This morning I was struck by the realization that in exactly 14 days I will be leaving the States for my adventure abroad. I've wanted this for so long, but at times it just feels so overwhelming. I have chosen to embark on this journey, to begin a new chapter of my life and yet… This chapter seems to be one I am afraid to write.
But why?
I suppose it's for many reasons. It's always a little scary delving into the unknown. I'm afraid of all the things that could go wrong, but probably won't. Little stuff and big stuff. Just the whole idea of being so far away and isolated from the resources I know how to utilize at home is kind of an unsettling thought.
But at the same time, traveling to London is an exceedingly tame endeavor.
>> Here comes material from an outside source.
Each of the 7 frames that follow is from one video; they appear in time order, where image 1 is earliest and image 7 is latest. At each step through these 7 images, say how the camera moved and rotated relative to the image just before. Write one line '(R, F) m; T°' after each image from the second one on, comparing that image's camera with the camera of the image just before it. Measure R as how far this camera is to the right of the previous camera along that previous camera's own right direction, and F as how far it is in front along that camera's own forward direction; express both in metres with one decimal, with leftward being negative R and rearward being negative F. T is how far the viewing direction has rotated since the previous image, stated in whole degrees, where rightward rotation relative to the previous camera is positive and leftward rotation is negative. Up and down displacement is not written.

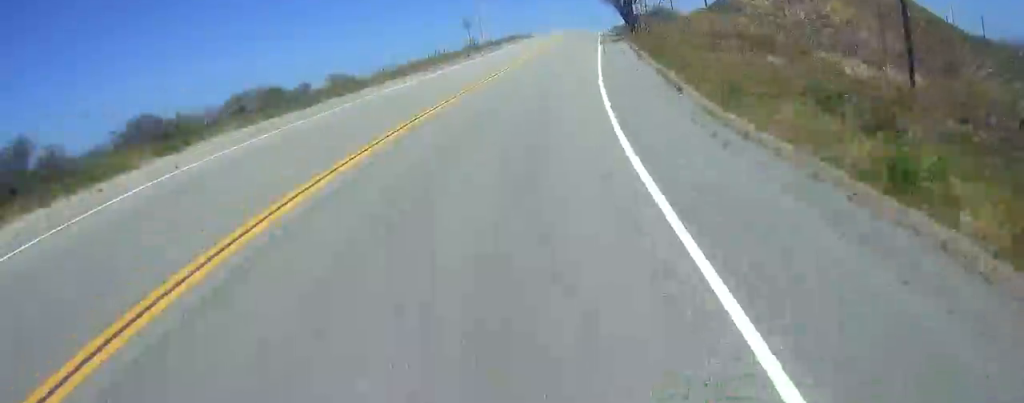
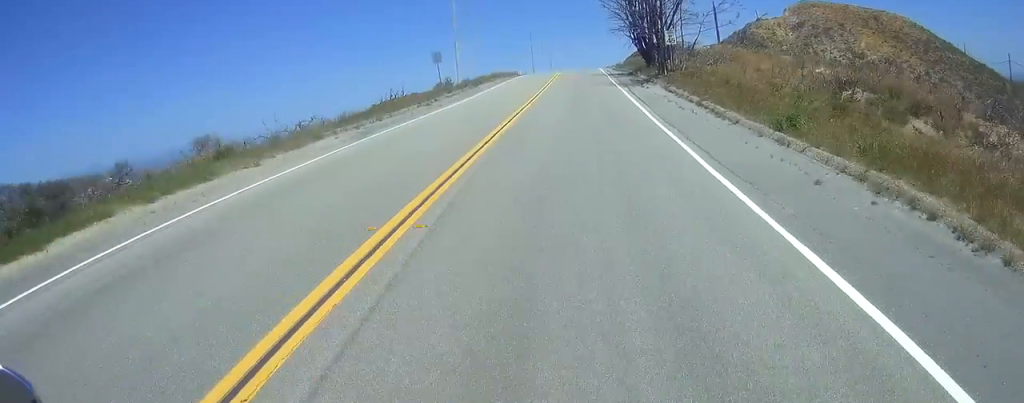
(+2.3, +14.9) m; +11°
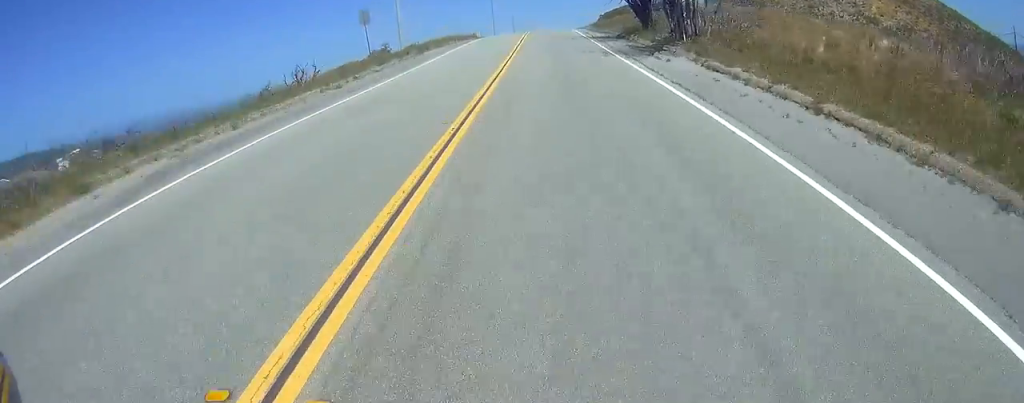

Unlike many of my friends who have traveled all over the world to volunteer at orphanages in Africa, practice languages in Japan and South America, study marine science in the Honduras, and so on, visiting the UK for a few months seems like a walk in the park.
Yet in the story of my life, it is the biggest thing I have ever done. All conflicting thoughts and feelings aside, I know that in the end this will be an incredible character building experience, and hopefully one that will prepare me for the things I'd like to do in the future. On that drift, I am completely ecstatic about the trip.
I can't wait to see all the new sights, taste new foods, hear new sounds, experience life in a new way. I can't even fathom the reality of this opportunity. Fourteen days. How do I even prepare for this? What an adventure it will be!